DATA SUPPLIED START

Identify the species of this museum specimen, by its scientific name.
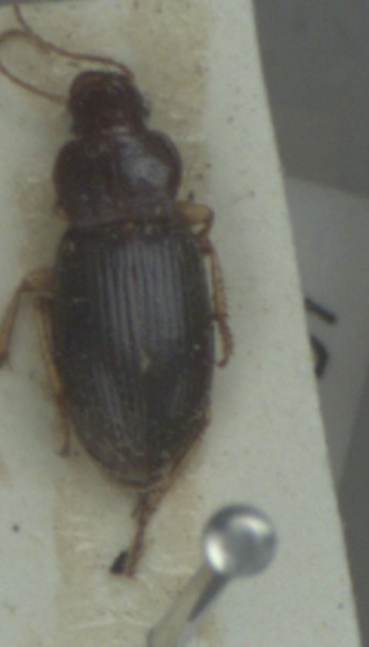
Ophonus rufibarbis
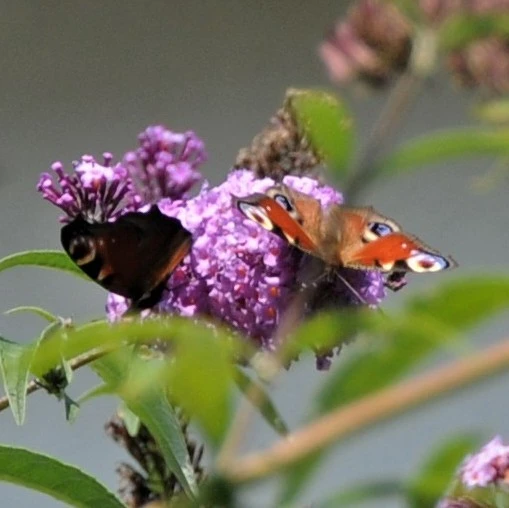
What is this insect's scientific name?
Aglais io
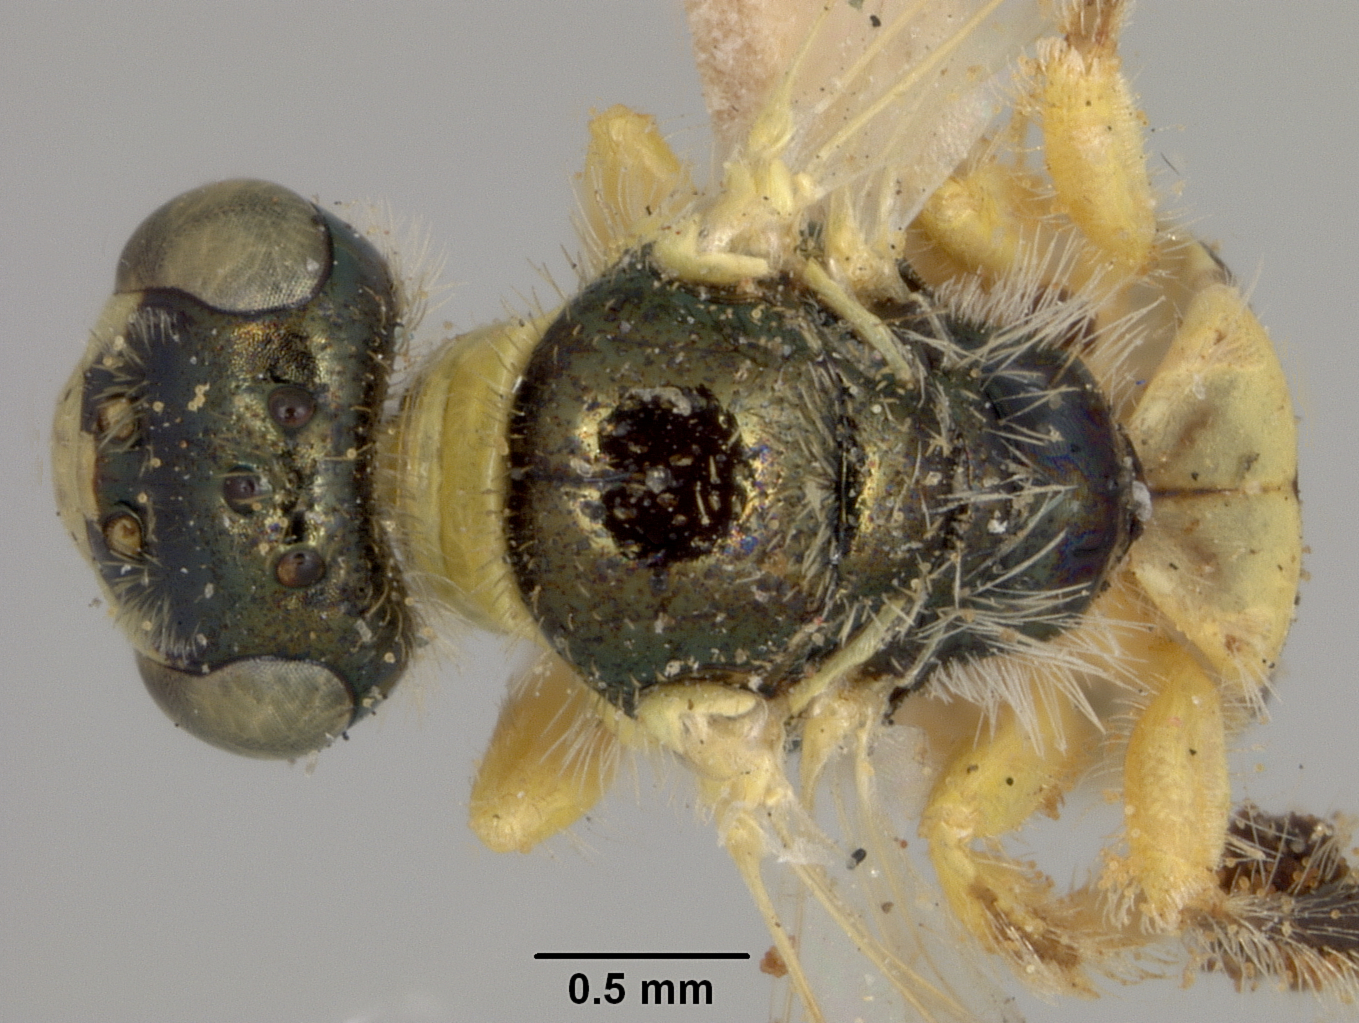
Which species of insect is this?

DATA SUPPLIED END

- **EXERCISE OBJECTIVE**:
Skipping every picture, reproduce the records word for word.

- **EXERCISE RESPONSE**:
Identify the species of this museum specimen, by its scientific name.
Ophonus rufibarbis
What is this insect's scientific name?
Aglais io
Which species of insect is this?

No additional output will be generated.